Source data:
┏━━

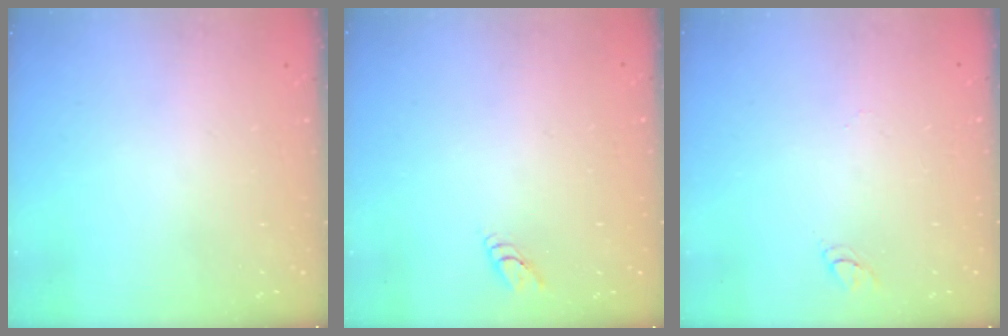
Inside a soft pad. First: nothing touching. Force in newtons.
{"total": 2.7, "press": 2.7, "slide": 0.3}
{"total": 3.0, "press": 3.0, "slide": 0.3}
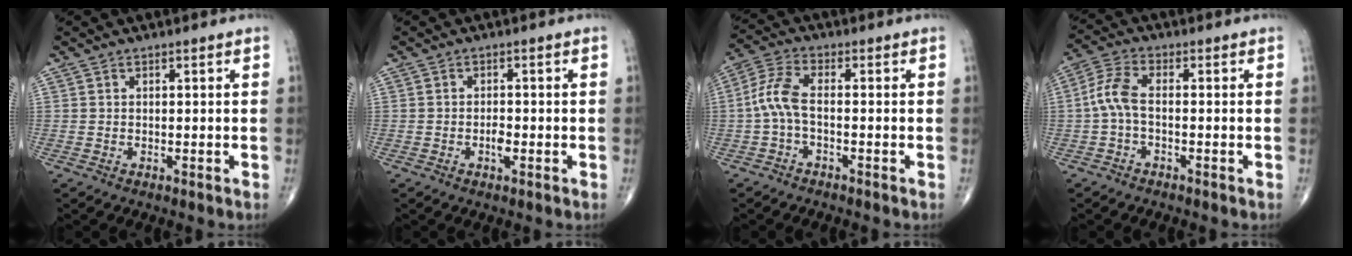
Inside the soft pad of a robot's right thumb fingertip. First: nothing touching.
{"total": 1.9, "force": [-0.7, 0.8, 1.6], "torque": [-0.023, 0.001, -0.014]}
{"total": 6.0, "force": [-1.0, 2.2, 5.5], "torque": [-0.133, 0.022, -0.030]}
{"total": 5.5, "force": [-0.8, 2.3, 4.9], "torque": [-0.117, 0.018, -0.026]}
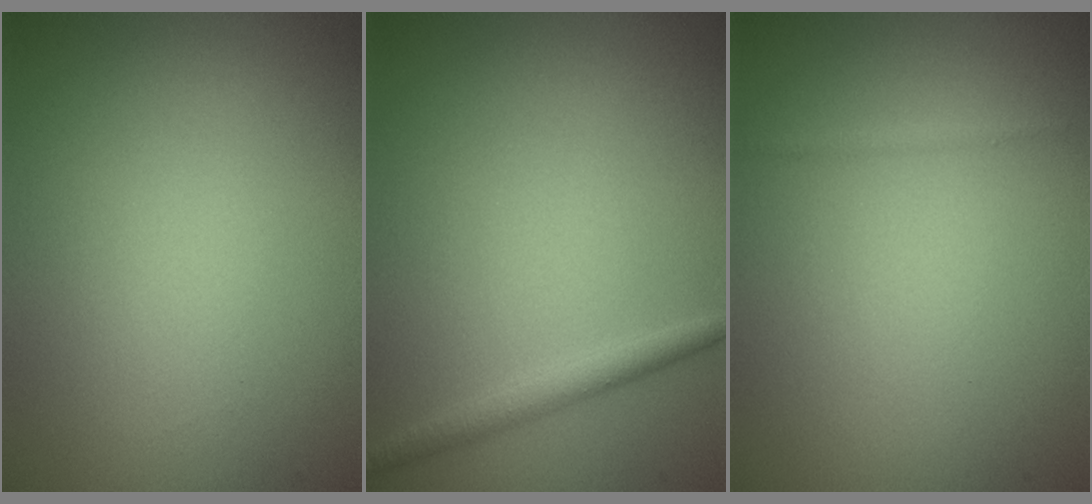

┗━━

> [Work item] Each line of the records is to be reproduced exactly, and each picture dropped.

> [Response area]
Inside a soft pad. First: nothing touching. Force in newtons.
{"total": 2.7, "press": 2.7, "slide": 0.3}
{"total": 3.0, "press": 3.0, "slide": 0.3}
Inside the soft pad of a robot's right thumb fingertip. First: nothing touching.
{"total": 1.9, "force": [-0.7, 0.8, 1.6], "torque": [-0.023, 0.001, -0.014]}
{"total": 6.0, "force": [-1.0, 2.2, 5.5], "torque": [-0.133, 0.022, -0.030]}
{"total": 5.5, "force": [-0.8, 2.3, 4.9], "torque": [-0.117, 0.018, -0.026]}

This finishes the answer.